Based on the geNorm programs, the most stable reference genes in both whole blood and PBMC were PPIA and B2M. Combination of the two genes can obtain rather small M values for the samples of whole blood (0.299) and PBMC (0.490). As experimental data from the geNorm developers have shown that stably expressed genes typically exhibit mean M values lower than 0.5 in relatively homogeneous sample panels (Hellemans et al., 2007). Thus, the combining of the two genes, PPIA and B2M, is appropriate for normalization of gene expression of whole blood and PBMC. On the other hand, based on the NormFinder, TBP was ranked as the most stable reference gene in both whole blood and PBMC, while genes B2M and PPIA were the second and third ones. This discrepancy is probably due to the different algorithms used in the two programs. Though the most stable genes were different, the first three most stable genes were the same as evaluated by the two programs.

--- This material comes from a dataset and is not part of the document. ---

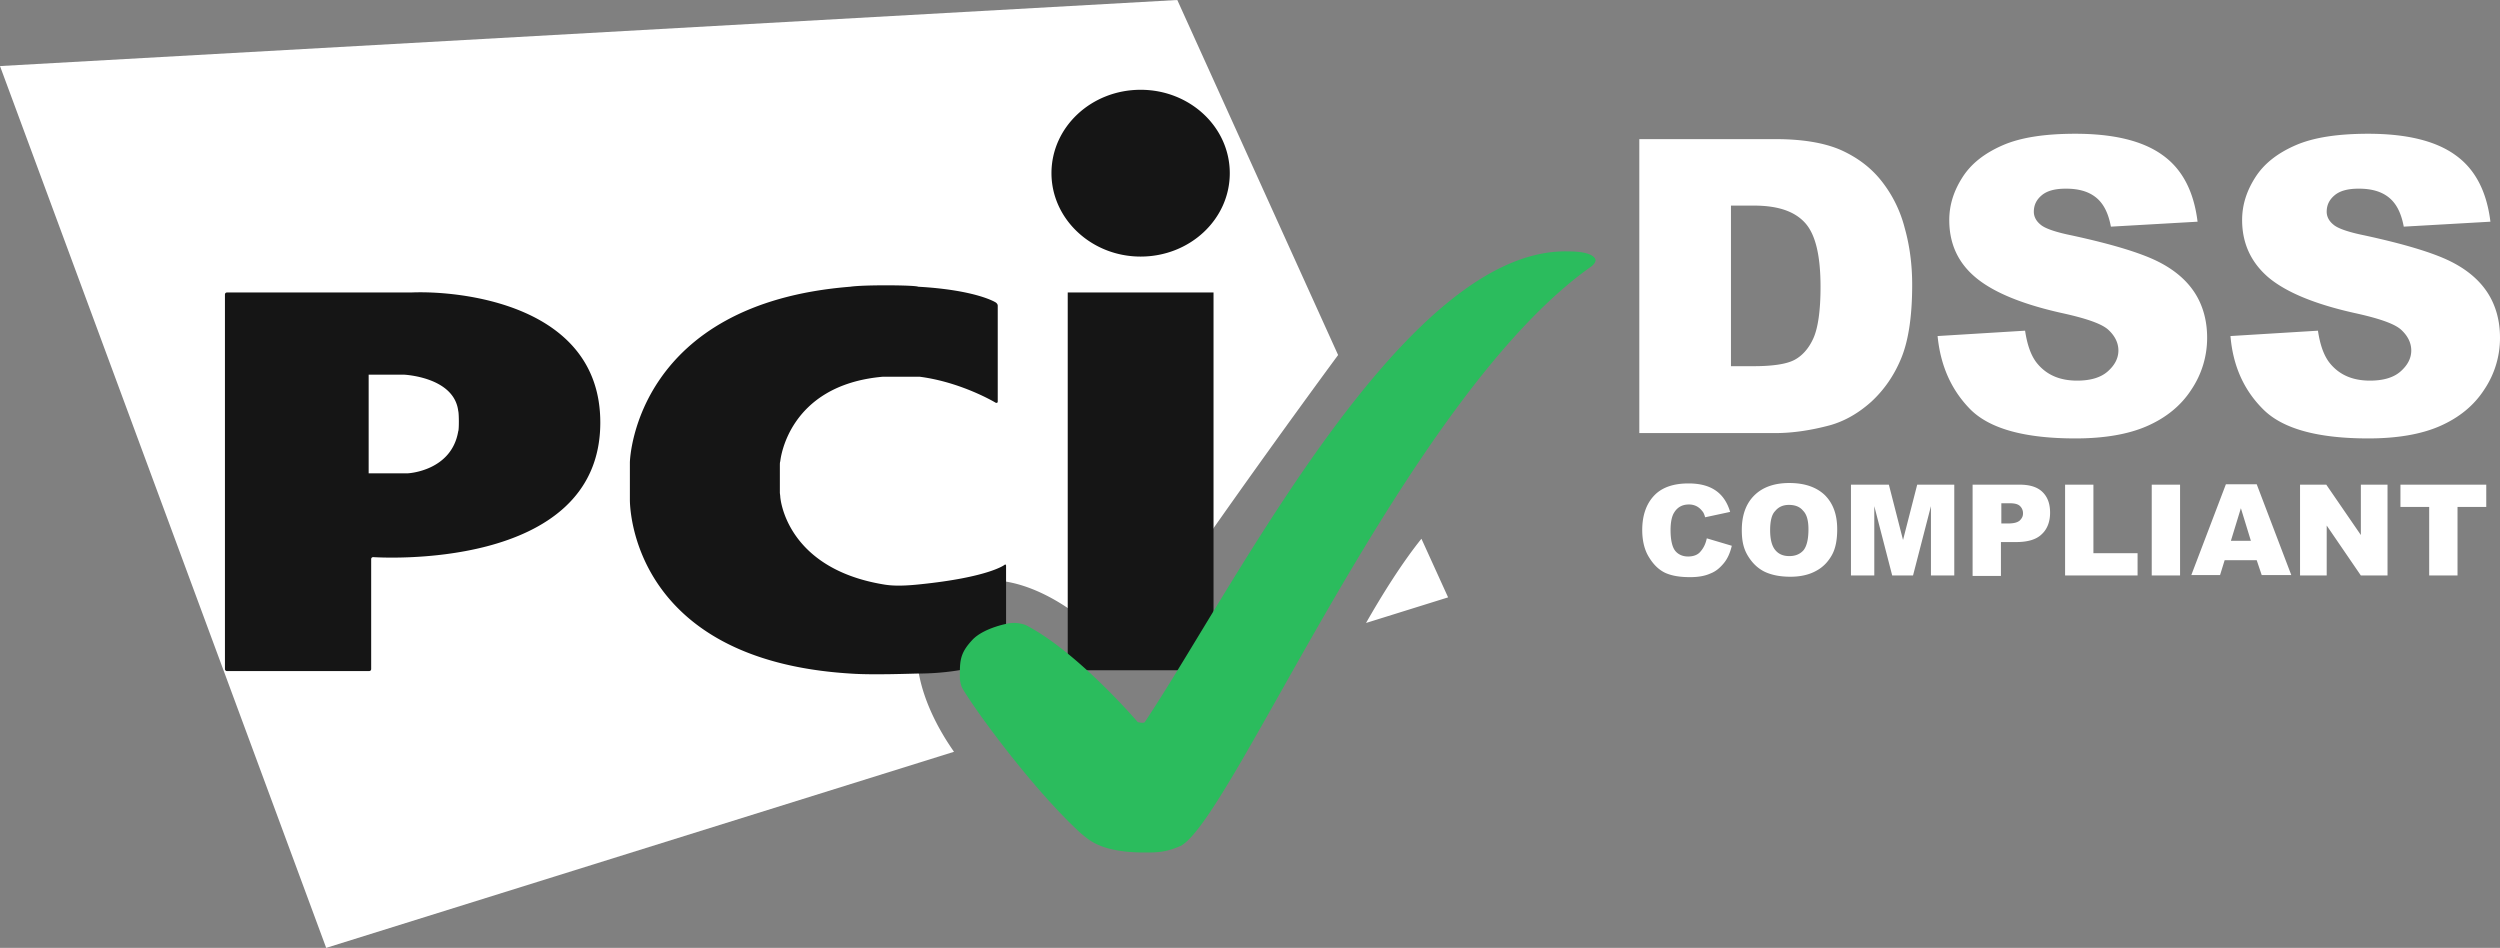 <svg width="211" height="80" viewBox="0 0 211 80" fill="none" xmlns="http://www.w3.org/2000/svg"><rect x="0" y="0" width="211" height="80" fill="#808080" stroke="none"/><path d="m144.054 45.436 2.11.627c-.141.592-.352 1.08-.668 1.463s-.668.697-1.125.871c-.458.21-1.02.314-1.723.314-.844 0-1.512-.105-2.075-.349-.527-.244-.984-.662-1.371-1.289-.387-.592-.598-1.394-.598-2.334 0-1.255.352-2.23 1.02-2.927s1.653-1.01 2.883-1.01c.985 0 1.723.208 2.286.592.562.383.984.975 1.23 1.811l-2.11.453c-.07-.244-.14-.418-.246-.522a1.4 1.4 0 0 0-.492-.418 1.4 1.4 0 0 0-.633-.14c-.527 0-.949.21-1.23.662-.211.314-.317.837-.317 1.499 0 .836.141 1.428.387 1.742.246.313.633.488 1.09.488s.809-.14 1.02-.384c.281-.313.457-.662.562-1.15m2.954-.696q0-1.882 1.055-2.927t2.953-1.046c1.301 0 2.286.349 2.989 1.01.703.698 1.055 1.638 1.055 2.893 0 .906-.141 1.638-.457 2.195-.317.558-.739 1.01-1.337 1.324-.562.314-1.301.488-2.144.488-.88 0-1.583-.14-2.181-.418-.562-.279-1.019-.697-1.406-1.324s-.527-1.29-.527-2.195m2.391 0q0 1.15.422 1.672c.281.349.668.523 1.195.523.528 0 .914-.174 1.195-.488q.422-.522.422-1.777c0-.732-.14-1.255-.457-1.568-.281-.349-.703-.488-1.195-.488q-.738 0-1.16.523c-.282.278-.422.836-.422 1.603m10.021-3.833 1.195 4.669 1.196-4.67h3.129v7.666h-1.969v-5.853l-1.512 5.853h-1.758l-1.512-5.853v5.853h-1.969v-7.665zm7.067 0h3.973c.879 0 1.512.209 1.934.627s.633.976.633 1.742c0 .767-.246 1.394-.704 1.812-.457.453-1.195.662-2.144.662h-1.301v2.857h-2.391zm2.391 3.275h.598c.457 0 .773-.07.984-.244.176-.174.281-.348.281-.592a.83.83 0 0 0-.246-.627c-.176-.175-.457-.244-.914-.244h-.668v1.707zm5.415-3.275h2.391v5.784h3.727v1.881h-6.118zm7.313 0h2.391v7.665h-2.391zm8.86 6.376h-2.707l-.387 1.254h-2.426l2.919-7.665h2.601l2.919 7.665h-2.497zm-.492-1.638-.844-2.752-.843 2.752zm4.149-4.738h2.215l2.918 4.25v-4.25h2.251v7.665h-2.251l-2.883-4.216v4.216h-2.25zm8.439 0h7.278v1.881h-2.426v5.784h-2.391v-5.784h-2.426v-1.881zm-87.27 11.672 6.927-2.16-2.25-4.948c-1.653 2.056-3.305 4.704-4.677 7.108m-2.356-22.613L99.364 0 0 5.575 27.53 80l52.988-16.55c-3.375-4.809-4.606-10.523-.703-13.31 4.36-3.137 10.935.487 15.12 5.61 4.043-6.69 15.4-22.266 18.001-25.785" fill="#fff"/><path d="M96.269 21.655c4.149 0 7.524-3.136 7.524-7.038s-3.375-7.039-7.524-7.039c-4.15 0-7.525 3.136-7.525 7.039 0 3.867 3.376 7.038 7.525 7.038m-6.153 3.031h12.306v31.882H90.116zm-6.083 9.304c.105.034.176 0 .176-.105v-8.084c0-.104-.07-.209-.176-.278 0 0-1.618-1.046-6.54-1.324-.246-.14-4.571-.175-5.731 0-17.932 1.428-18.6 14.285-18.6 14.843v3.136c0 .383 0 13.519 18.6 14.669 1.828.139 5.38 0 5.73 0 4.29 0 7.244-1.29 7.244-1.29a.26.26 0 0 0 .176-.243v-7.561c0-.105-.07-.14-.14-.07 0 0-1.337 1.045-7.174 1.638-1.652.174-2.46.104-3.058 0-8.299-1.394-8.685-7.387-8.685-7.387 0-.105-.035-.279-.035-.349v-2.3c0-.104 0-.278.035-.348 0 0 .562-6.446 8.685-7.143h3.058c3.552.453 6.435 2.195 6.435 2.195M18.985 56.463c0 .105.07.175.176.175h11.99c.105 0 .176-.07.176-.175v-9.268c0-.104.07-.174.176-.174 0 0 19.162 1.359 19.162-11.36 0-10.069-12.025-11.149-15.963-10.975h-15.54c-.106 0-.177.07-.177.174zm12.13-16.515V31.62h2.954s4.255.174 4.606 3.066c.07.21.07 1.638 0 1.708-.562 3.38-4.254 3.554-4.254 3.554z" fill="#151515"/><path d="M96.622 71.951c.984 0 1.758 0 3.024-.557 4.359-2.265 19.092-37.91 34.633-48.885a1 1 0 0 0 .281-.279c.106-.14.106-.279.106-.279s0-.732-2.286-.732c-13.818-.383-28.199 28.363-35.758 39.722-.106.14-.598 0-.598 0s-5.063-5.924-9.458-8.188c-.106-.035-.598-.21-1.125-.175-.352 0-2.391.418-3.34 1.394-1.126 1.185-1.09 1.847-1.09 3.275 0 .105.07.593.21.837 1.09 1.881 5.978 8.571 10.021 12.264.598.454 1.547 1.603 5.38 1.603" fill="#2BBC5D"/><path d="M138.358 11.742h11.497c2.286 0 4.114.314 5.485.906 1.407.627 2.567 1.498 3.446 2.613a10.6 10.6 0 0 1 1.969 3.973q.633 2.247.633 4.808c0 2.648-.316 4.704-.914 6.167s-1.442 2.683-2.532 3.693q-1.635 1.464-3.481 1.986c-1.687.453-3.234.663-4.606.663h-11.497zm7.735 5.61v13.554h1.899c1.617 0 2.777-.174 3.446-.523.668-.348 1.23-.975 1.617-1.846s.598-2.335.598-4.32c0-2.65-.422-4.426-1.301-5.402-.879-.975-2.286-1.463-4.325-1.463zm17.44 11.01 7.384-.452c.176 1.184.492 2.09.984 2.717.809 1.01 1.934 1.498 3.411 1.498 1.09 0 1.969-.244 2.567-.766.597-.523.914-1.115.914-1.777 0-.627-.281-1.22-.844-1.742-.562-.523-1.899-.976-3.973-1.429-3.411-.766-5.802-1.777-7.278-3.031-1.477-1.255-2.18-2.857-2.18-4.809 0-1.289.386-2.474 1.125-3.623.738-1.15 1.863-2.021 3.375-2.683s3.551-.976 6.153-.976c3.2 0 5.661.593 7.314 1.777 1.687 1.185 2.672 3.066 2.989 5.645l-7.314.418c-.211-1.115-.598-1.917-1.231-2.44s-1.476-.766-2.566-.766c-.915 0-1.583.175-2.04.558s-.668.836-.668 1.393c0 .384.176.767.563 1.08.351.314 1.23.628 2.602.907q5.063 1.097 7.278 2.195c1.477.731 2.531 1.672 3.2 2.752.668 1.08.984 2.335.984 3.694a7.8 7.8 0 0 1-1.336 4.39c-.879 1.359-2.145 2.37-3.727 3.066-1.582.697-3.622 1.045-6.048 1.045-4.254 0-7.208-.801-8.86-2.439-1.618-1.637-2.532-3.693-2.778-6.202m24.718 0 7.384-.452c.176 1.184.492 2.09.984 2.717.809 1.01 1.934 1.498 3.411 1.498 1.09 0 1.969-.244 2.567-.766.597-.523.914-1.115.914-1.777 0-.627-.281-1.22-.844-1.742-.563-.523-1.899-.976-3.973-1.429-3.411-.766-5.802-1.777-7.278-3.031-1.442-1.255-2.181-2.857-2.181-4.809 0-1.289.387-2.474 1.126-3.623s1.863-2.021 3.375-2.683 3.551-.976 6.153-.976c3.2 0 5.661.593 7.314 1.777 1.687 1.185 2.672 3.066 2.988 5.645l-7.313.418c-.211-1.115-.598-1.917-1.231-2.44s-1.476-.766-2.567-.766c-.914 0-1.582.175-2.039.558s-.668.836-.668 1.393c0 .384.176.767.563 1.08.351.314 1.23.628 2.602.907q5.063 1.097 7.278 2.195c1.477.731 2.531 1.672 3.2 2.752.668 1.08.984 2.335.984 3.694a7.8 7.8 0 0 1-1.336 4.39c-.879 1.359-2.145 2.37-3.727 3.066-1.582.697-3.622 1.045-6.048 1.045-4.254 0-7.208-.801-8.86-2.439-1.653-1.637-2.567-3.693-2.778-6.202" fill="#fff"/></svg>

It has been suggested that using the geometric mean of two or more reference genes for qRT-PCR studies might generate more reliable results (Vandesompele et al., 2002). In order to determine the optimal number of required reference genes, we also performed pairwise variation (Vn/Vn+1) analysis by geNorm, as shown in Figure 3. Based on the cut-off value of 0.15 proposed by geNorm program, four reference genes are necessary to obtain the lowest control genes in the tested samples of both whole blood and PBMC. In practice, it is not always possible to measure multiple reference genes due to limited sample availability and cost. Additionally, the cut-off value of 0.15 is an empirical value and should not be taken as a too strict cut off value, as it is already suggested by the geNorm manual itself. Therefore, we recommend using the geometric mean of the first three stable genes, TBP, PPIA, and B2M, to normalize the gene expression of whole blood and PBMC with poly I:C stimulation.

Up to now, most of the published qRT-PCR results were normalized to either GAPDH or ACTB without experimentally confirming their invariant expression under the experimental conditions described. In our present analyses, these two genes were the least and the third least stable genes among the six candidates. Consistent with our result, some previous studies also reported ACTB and GAPDH were unsuitable as reference genes in whole blood (Brym et al., 2013) and PBMC (Spalenza et al., 2011; Xiang-Hong et al., 2011) and other specific samples (Uddin et al., 2011; Zhang et al., 2012). ACTB is one of the major components of cytoplasmic microfilaments in eukaryotic cells and plays an important role in diverse cellular functions, while GAPDH not only acts as a component of the glycolytic pathway but also takes part in other processes as well. Both ACTB and GAPDH have sophisticated functions in organisms, and their expression profile might fluctuate according to the corresponding experimental conditions. Our analysis results confirmed, once more, blindly choosing reference genes is no longer acceptable, and authors must accurately validate candidate reference genes before use in gene expression qRT-PCR studies.